WHAT YOU WILL DO
Would you reproduce each line below exactly, leaving every picture out?

Dataset items

######

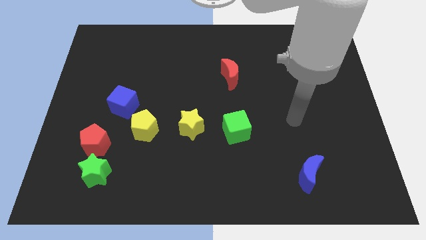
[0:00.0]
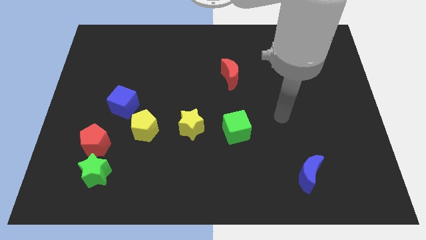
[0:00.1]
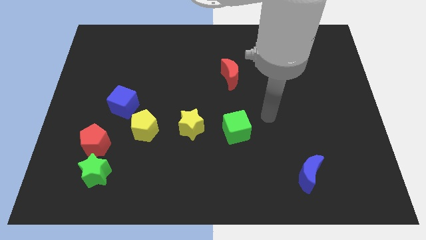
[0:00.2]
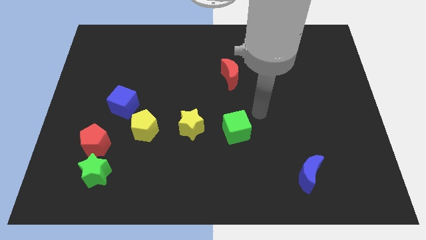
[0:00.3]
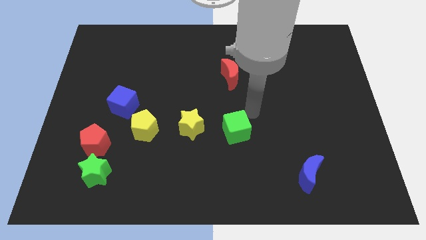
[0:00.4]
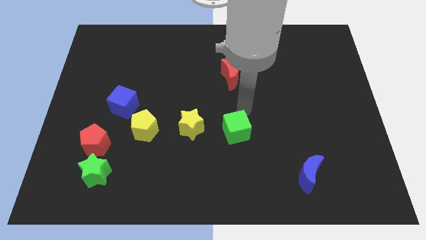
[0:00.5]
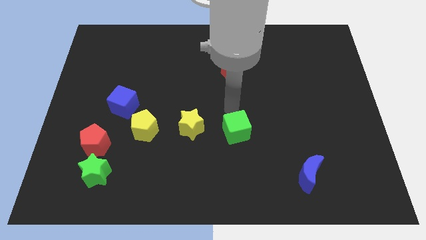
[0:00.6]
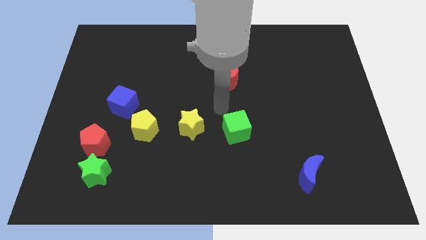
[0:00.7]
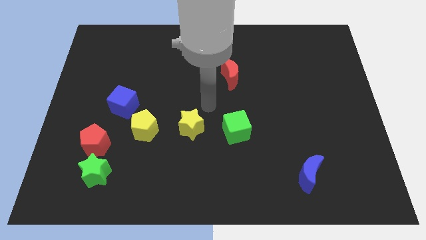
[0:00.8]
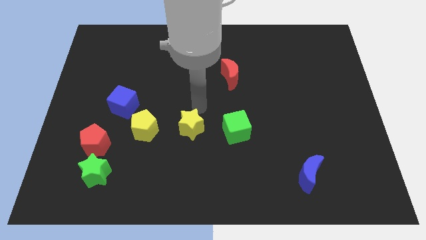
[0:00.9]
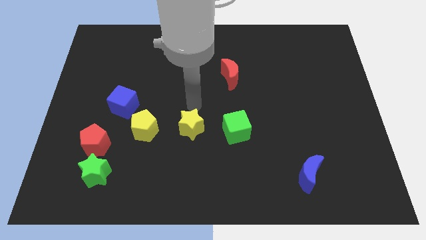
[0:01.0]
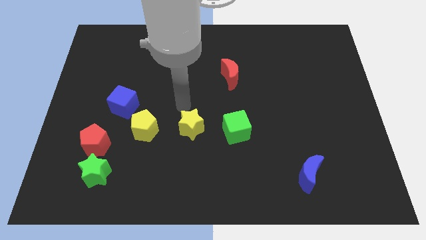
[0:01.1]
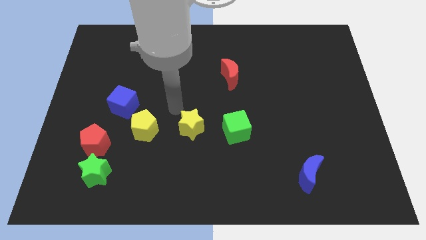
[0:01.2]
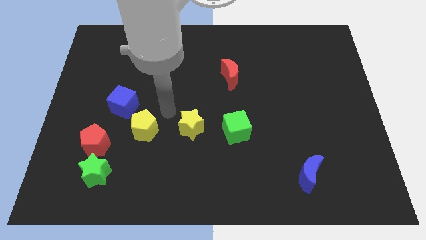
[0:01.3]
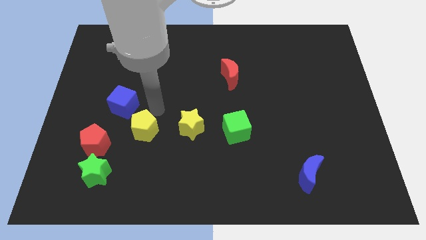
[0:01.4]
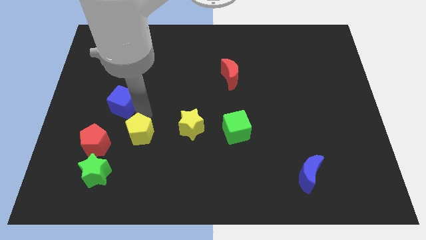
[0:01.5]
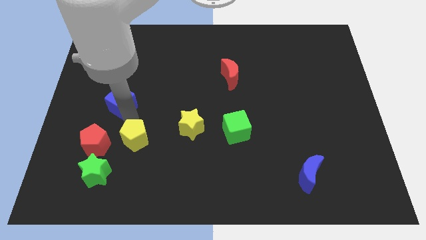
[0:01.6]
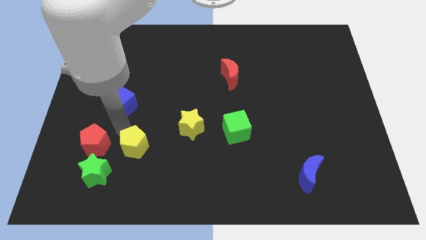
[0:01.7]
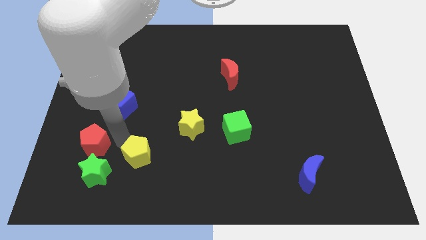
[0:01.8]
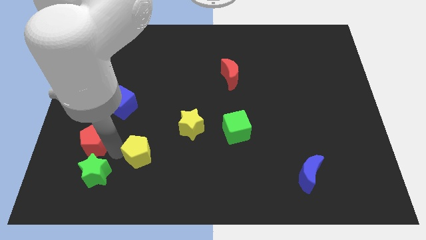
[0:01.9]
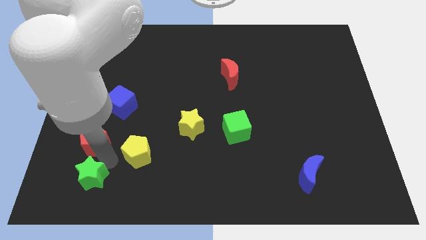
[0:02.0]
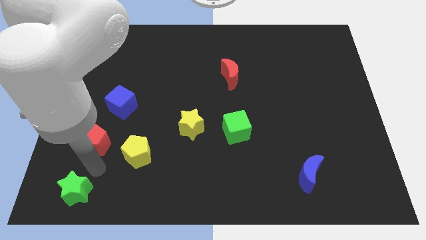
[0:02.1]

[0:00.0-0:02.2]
move the red pentagon away from the green star

######

EXERCISE RESPONSE
[0:00.0]
[0:00.1]
[0:00.2]
[0:00.3]
[0:00.4]
[0:00.5]
[0:00.6]
[0:00.7]
[0:00.8]
[0:00.9]
[0:01.0]
[0:01.1]
[0:01.2]
[0:01.3]
[0:01.4]
[0:01.5]
[0:01.6]
[0:01.7]
[0:01.8]
[0:01.9]
[0:02.0]
[0:02.1]

[0:00.0-0:02.2]
move the red pentagon away from the green star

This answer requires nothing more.